_Work request_
Every entry is to be returned as it stands, apart from the pictures.

_Excerpted data_

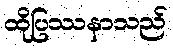
ထိုပြဿနာသည်
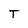
Character: T
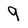
Character: 9
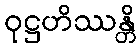
ဝုဋ္ဌဟိဿန္တိ
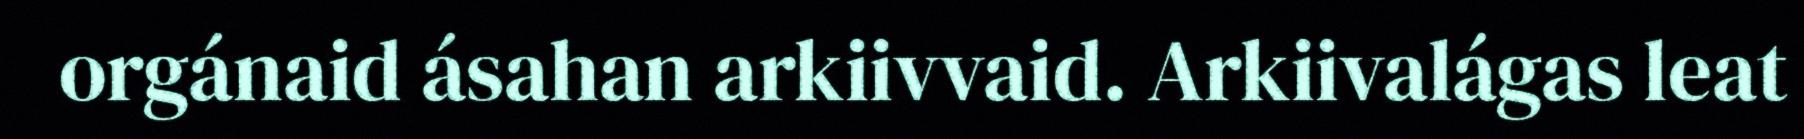
orgánaid ásahan arkiivvaid. Arkiivalágas leat
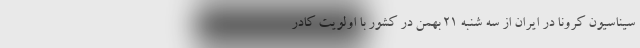
سیناسیون کرونا در ایران از سه شنبه ۲۱ بهمن در کشور با اولویت کادر
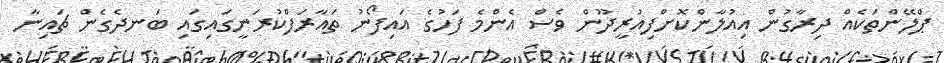
ޕްލޭންތަކެއް ދިރާގުން އިއުލާންކޮށްފިއުރީދޫން ވެސް އެންމެ ފަހުގެ އައިފޯނު ތައާރަފްކުރަނީގައިގައި ބަނދެގެން ޗައިނާ
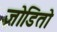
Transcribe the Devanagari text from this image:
जोडितो
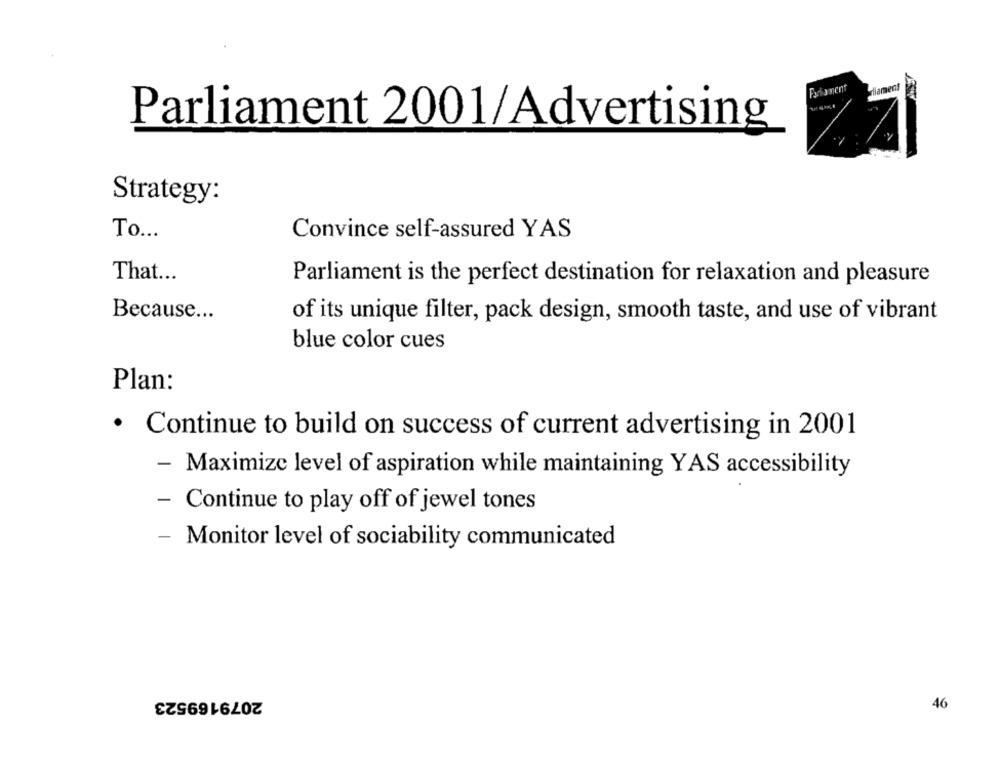
Fachament
diamens
Parliament 2001/Advertising
Strategy:
To ...
Convince self-assured YAS
That ...
Parliament is the perfect destination for relaxation and pleasure
Because ...
of its unique filter, pack design, smooth taste, and use of vibrant
blue color cues
Plan:
· Continue to build on success of current advertising in 2001
- Maximize level of aspiration while maintaining YAS accessibility
- Continue to play off of jewel tones
- Monitor level of sociability communicated
2079169523
46
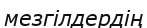
мезгілдердің
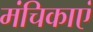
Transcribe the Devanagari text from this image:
मंचिकाएं
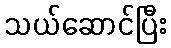
သယ်ဆောင်ပြီး
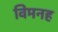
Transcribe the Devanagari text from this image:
विमनह
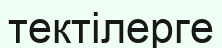
тектілерге
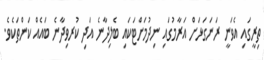
ތިރީގައި އެވަނީ ރަނަގަޅަށް އަރާމުގައި ނިދުމަށްޓަކައި ބެލިދާނެ އަދި ކުރވިދާނެ ބައެއް ކަންތަކެވެ.
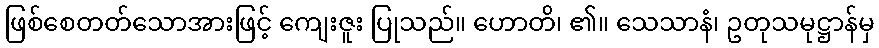
ဖြစ်စေတတ်သောအားဖြင့် ကျေးဇူး ပြုသည်။ ဟောတိ၊ ၏။ သေသာနံ၊ ဥတုသမုဋ္ဌာန်မှ
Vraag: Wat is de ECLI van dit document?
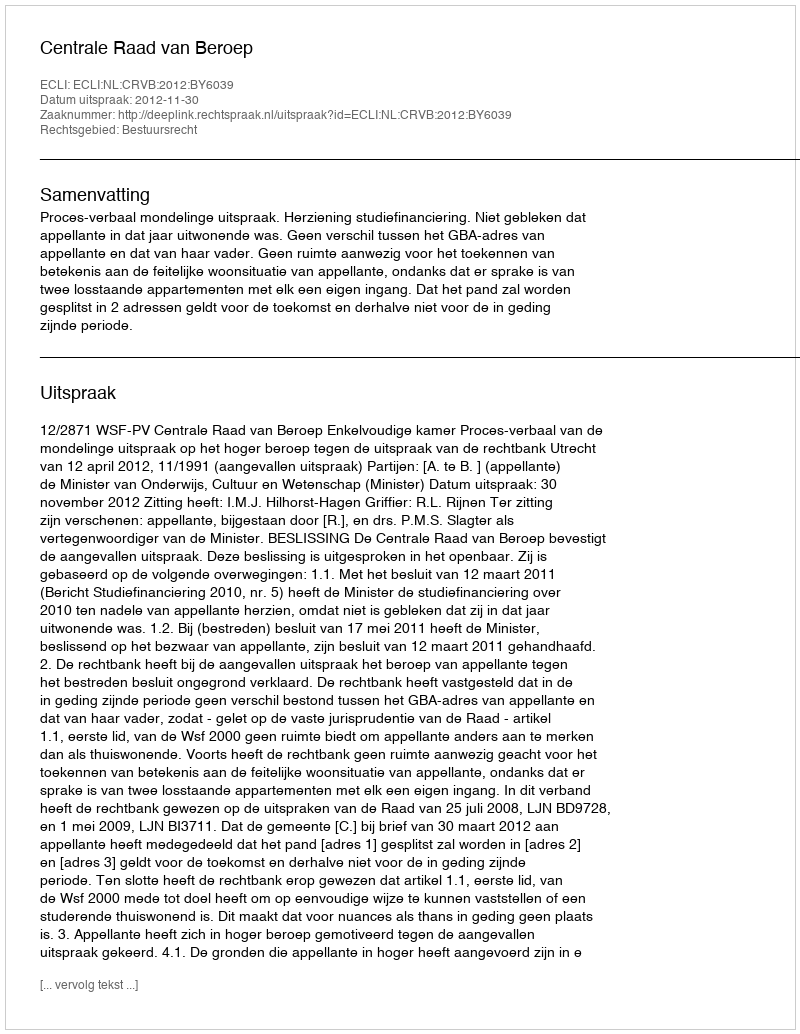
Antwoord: ECLI:NL:CRVB:2012:BY6039
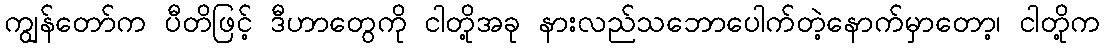
ကျွန်တော်က ပီတိဖြင့် ဒီဟာတွေကို ငါတို့အခု နားလည်သဘောပေါက်တဲ့နောက်မှာတော့၊ ငါတို့က
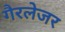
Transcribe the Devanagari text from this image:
गैरलेजर
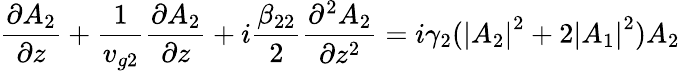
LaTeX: \frac{\partial A_{2}}{\partial z}+\frac{1}{v_{g2}}\frac{\partial A_{2}}{\partial z}+i\frac{\beta_{22}}{2}\frac{\partial^{2}A_{2}}{\partial z^{2}}=i\gamma_{2}(\left|A_{2}\right|^{2}+2\left|A_{1}\right|^{2})A_{2}
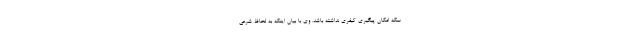
سکه امکان پیگیری کیفری نداشته باشد. وی با بیان اینکه به لحاظ شرعی
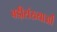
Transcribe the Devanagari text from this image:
बडी़संख्याओं
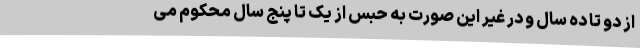
از دو تا ده سال و در غیر این صورت به حبس از یک ‌تا پنج سال محکوم می
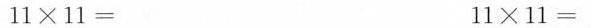
$$1 1 \times 1 1 =$$ $$1 1 \times 1 1 =$$
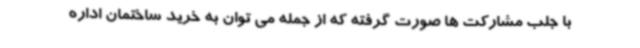
با جلب مشارکت ها صورت گرفته که از جمله می توان به خرید ساختمان اداره
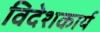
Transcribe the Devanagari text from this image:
विदेशकार्य
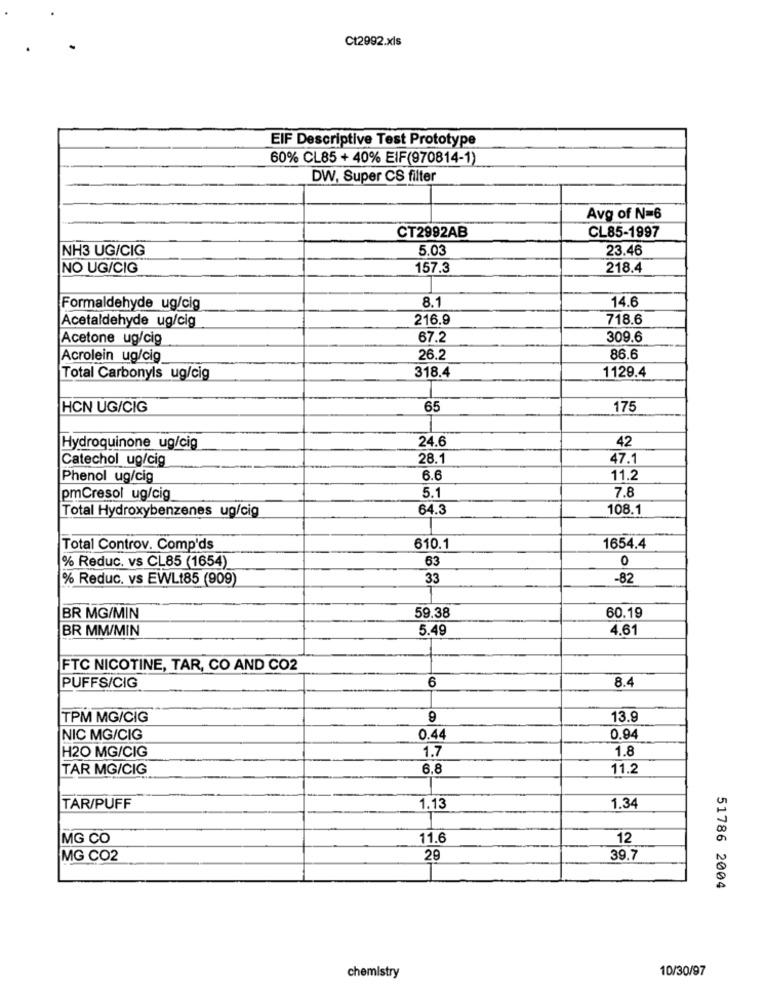
Ct2992.xls
EIF Descriptive Test Prototype
60% CL85 + 40% EIF(970814-1)
DW, Super CS filter
Avg of N=6
CT2992AB
CL85-1997
NH3 UG/CIG
5.03
23.46
NO UG/CIG
157.3
218.4
8.1
14.6
Formaldehyde ug/cig
216.9
718.6
Acetaldehyde ug/cig
Acetone ug/cig
67.2
309.6
Acrolein ug/cig
26.2
86.6
318.4
1129.4
Total Carbonyls ug/cig
HCN UG/CIG
65
175
24.6
42
Hydroquinone ug/cig
Catechol ug/cig
28.1
47.1
Phenol ug/cig
6.6
11.2
5.1
7.8
pmCresol ug/cig
Total Hydroxybenzenes ug/cig
64.3
108.1
Total Controv. Comp'ds
610.1
1654.4
% Reduc. vs CL85 (1654)
63
0
% Reduc. vs EWLt85 (909)
33
-82
BR MG/MIN
59.38
60.19
BR MM/MIN
5.49
4.61
FTC NICOTINE, TAR, CO AND CO2
6
8.4
PUFFS/CIG
TPM MG/CIG
13.9
NIC MG/CIG
0.44
0.94
H20 MG/CIG
1.7
1.8
TAR MG/CIG
6.8
11.2
TAR/PUFF
1.13
1.34
MG CO
11.6
12
MG CO2
29
39.7
51786 2004
10/30/97
chemistry

_Answer space_
ထိုပြဿနာသည်
Character: T
Character: 9
ဝုဋ္ဌဟိဿန္တိ
orgánaid ásahan arkiivvaid. Arkiivalágas leat
سیناسیون کرونا در ایران از سه شنبه ۲۱ بهمن در کشور با اولویت کادر
ޕްލޭންތަކެއް ދިރާގުން އިއުލާންކޮށްފިއުރީދޫން ވެސް އެންމެ ފަހުގެ އައިފޯނު ތައާރަފްކުރަނީގައިގައި ބަނދެގެން ޗައިނާ
Transcribe the Devanagari text from this image:
जोडितो
Fachament
diamens
Parliament 2001/Advertising
Strategy:
To ...
Convince self-assured YAS
That ...
Parliament is the perfect destination for relaxation and pleasure
Because ...
of its unique filter, pack design, smooth taste, and use of vibrant
blue color cues
Plan:
· Continue to build on success of current advertising in 2001
- Maximize level of aspiration while maintaining YAS accessibility
- Continue to play off of jewel tones
- Monitor level of sociability communicated
2079169523
46
мезгілдердің
Transcribe the Devanagari text from this image:
मंचिकाएं
သယ်ဆောင်ပြီး
Transcribe the Devanagari text from this image:
विमनह
тектілерге
ތިރީގައި އެވަނީ ރަނަގަޅަށް އަރާމުގައި ނިދުމަށްޓަކައި ބެލިދާނެ އަދި ކުރވިދާނެ ބައެއް ކަންތަކެވެ.
ဖြစ်စေတတ်သောအားဖြင့် ကျေးဇူး ပြုသည်။ ဟောတိ၊ ၏။ သေသာနံ၊ ဥတုသမုဋ္ဌာန်မှ
Vraag: Wat is de ECLI van dit document?
Antwoord: ECLI:NL:CRVB:2012:BY6039
ကျွန်တော်က ပီတိဖြင့် ဒီဟာတွေကို ငါတို့အခု နားလည်သဘောပေါက်တဲ့နောက်မှာတော့၊ ငါတို့က
Transcribe the Devanagari text from this image:
गैरलेजर
LaTeX: \frac{\partial A_{2}}{\partial z}+\frac{1}{v_{g2}}\frac{\partial A_{2}}{\partial z}+i\frac{\beta_{22}}{2}\frac{\partial^{2}A_{2}}{\partial z^{2}}=i\gamma_{2}(\left|A_{2}\right|^{2}+2\left|A_{1}\right|^{2})A_{2}
سکه امکان پیگیری کیفری نداشته باشد. وی با بیان اینکه به لحاظ شرعی
Transcribe the Devanagari text from this image:
बडी़संख्याओं
از دو تا ده سال و در غیر این صورت به حبس از یک ‌تا پنج سال محکوم می
$$1 1 \times 1 1 =$$ $$1 1 \times 1 1 =$$
با جلب مشارکت ها صورت گرفته که از جمله می توان به خرید ساختمان اداره
Transcribe the Devanagari text from this image:
विदेशकार्य
Ct2992.xls
EIF Descriptive Test Prototype
60% CL85 + 40% EIF(970814-1)
DW, Super CS filter
Avg of N=6
CT2992AB
CL85-1997
NH3 UG/CIG
5.03
23.46
NO UG/CIG
157.3
218.4
8.1
14.6
Formaldehyde ug/cig
216.9
718.6
Acetaldehyde ug/cig
Acetone ug/cig
67.2
309.6
Acrolein ug/cig
26.2
86.6
318.4
1129.4
Total Carbonyls ug/cig
HCN UG/CIG
65
175
24.6
42
Hydroquinone ug/cig
Catechol ug/cig
28.1
47.1
Phenol ug/cig
6.6
11.2
5.1
7.8
pmCresol ug/cig
Total Hydroxybenzenes ug/cig
64.3
108.1
Total Controv. Comp'ds
610.1
1654.4
% Reduc. vs CL85 (1654)
63
0
% Reduc. vs EWLt85 (909)
33
-82
BR MG/MIN
59.38
60.19
BR MM/MIN
5.49
4.61
FTC NICOTINE, TAR, CO AND CO2
6
8.4
PUFFS/CIG
TPM MG/CIG
13.9
NIC MG/CIG
0.44
0.94
H20 MG/CIG
1.7
1.8
TAR MG/CIG
6.8
11.2
TAR/PUFF
1.13
1.34
MG CO
11.6
12
MG CO2
29
39.7
51786 2004
10/30/97
chemistry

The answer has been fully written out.